**Requirement:** If a line in the listing below includes the string "with", pull it out.

==== Supplied data ====

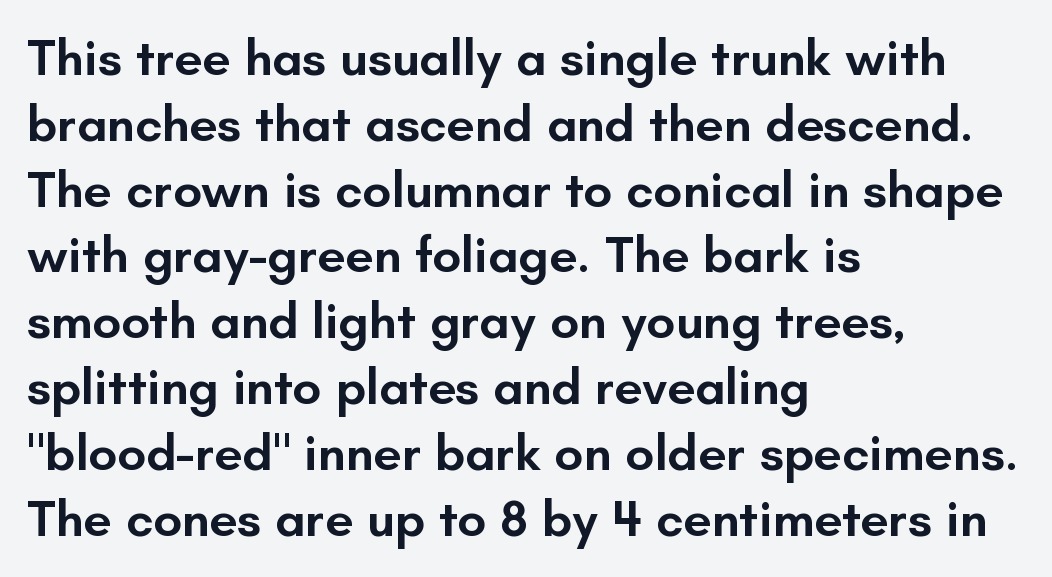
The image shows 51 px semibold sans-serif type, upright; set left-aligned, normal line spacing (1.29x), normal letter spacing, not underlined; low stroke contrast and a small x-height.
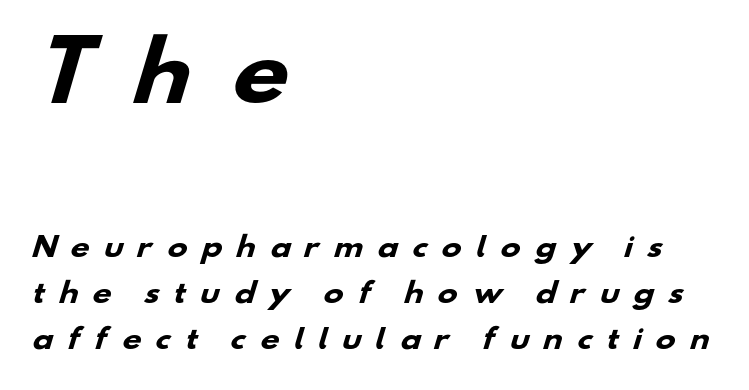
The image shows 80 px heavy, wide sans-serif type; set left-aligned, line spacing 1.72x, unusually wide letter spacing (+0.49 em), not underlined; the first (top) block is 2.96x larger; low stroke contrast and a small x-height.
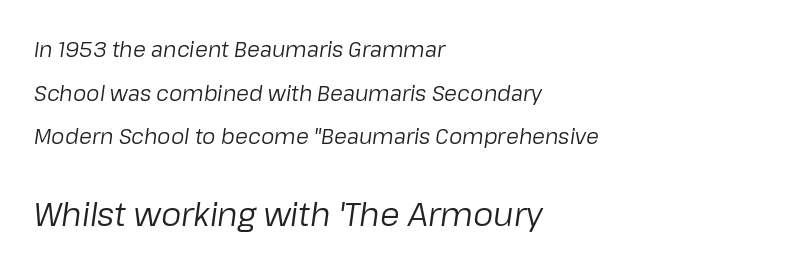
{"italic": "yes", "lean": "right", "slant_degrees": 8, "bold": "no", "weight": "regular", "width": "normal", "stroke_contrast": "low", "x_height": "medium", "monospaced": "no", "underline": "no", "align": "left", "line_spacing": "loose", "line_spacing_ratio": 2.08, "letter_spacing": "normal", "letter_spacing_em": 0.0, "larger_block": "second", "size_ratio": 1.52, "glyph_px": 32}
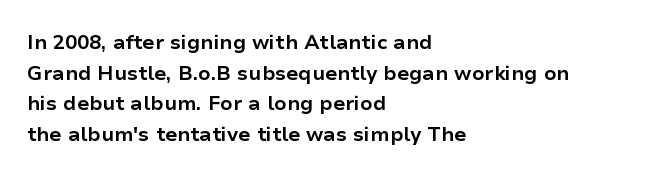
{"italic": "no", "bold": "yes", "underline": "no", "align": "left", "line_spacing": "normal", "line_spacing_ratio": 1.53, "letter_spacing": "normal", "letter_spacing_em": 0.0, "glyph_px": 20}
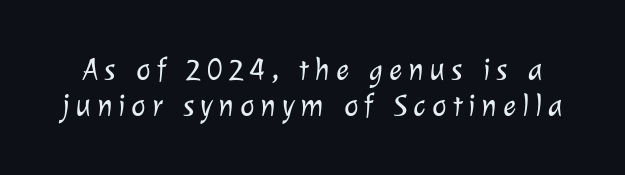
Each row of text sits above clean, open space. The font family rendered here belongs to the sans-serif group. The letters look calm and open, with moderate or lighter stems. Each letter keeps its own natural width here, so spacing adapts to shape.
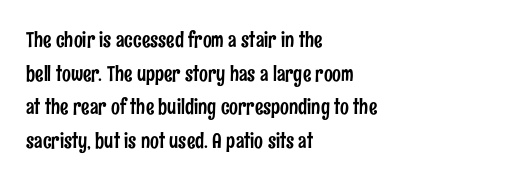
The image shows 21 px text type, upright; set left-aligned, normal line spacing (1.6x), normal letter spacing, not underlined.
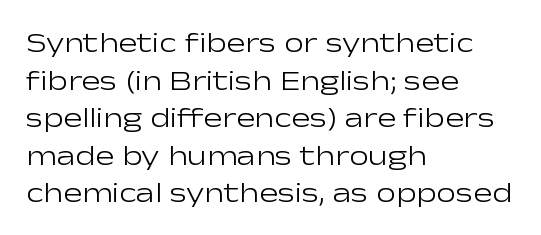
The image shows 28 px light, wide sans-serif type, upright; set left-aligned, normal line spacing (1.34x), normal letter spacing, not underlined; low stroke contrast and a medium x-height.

====
==== Supplied data ====

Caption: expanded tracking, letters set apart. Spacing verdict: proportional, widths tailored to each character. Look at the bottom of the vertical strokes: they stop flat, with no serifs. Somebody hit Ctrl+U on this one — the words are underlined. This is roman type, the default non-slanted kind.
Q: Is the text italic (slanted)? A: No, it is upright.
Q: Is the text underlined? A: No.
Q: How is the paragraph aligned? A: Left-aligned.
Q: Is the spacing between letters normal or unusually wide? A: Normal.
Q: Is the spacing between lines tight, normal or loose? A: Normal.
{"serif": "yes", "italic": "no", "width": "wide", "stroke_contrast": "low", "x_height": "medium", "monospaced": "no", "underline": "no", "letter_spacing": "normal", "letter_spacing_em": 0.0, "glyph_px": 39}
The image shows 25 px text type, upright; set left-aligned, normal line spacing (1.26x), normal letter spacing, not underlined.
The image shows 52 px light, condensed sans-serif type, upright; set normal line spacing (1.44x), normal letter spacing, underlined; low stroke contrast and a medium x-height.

====

**Output of the task:**
Each row of text sits above clean, open space. The font family rendered here belongs to the sans-serif group. The letters look calm and open, with moderate or lighter stems. Each letter keeps its own natural width here, so spacing adapts to shape.
Caption: expanded tracking, letters set apart. Spacing verdict: proportional, widths tailored to each character. Look at the bottom of the vertical strokes: they stop flat, with no serifs. Somebody hit Ctrl+U on this one — the words are underlined. This is roman type, the default non-slanted kind.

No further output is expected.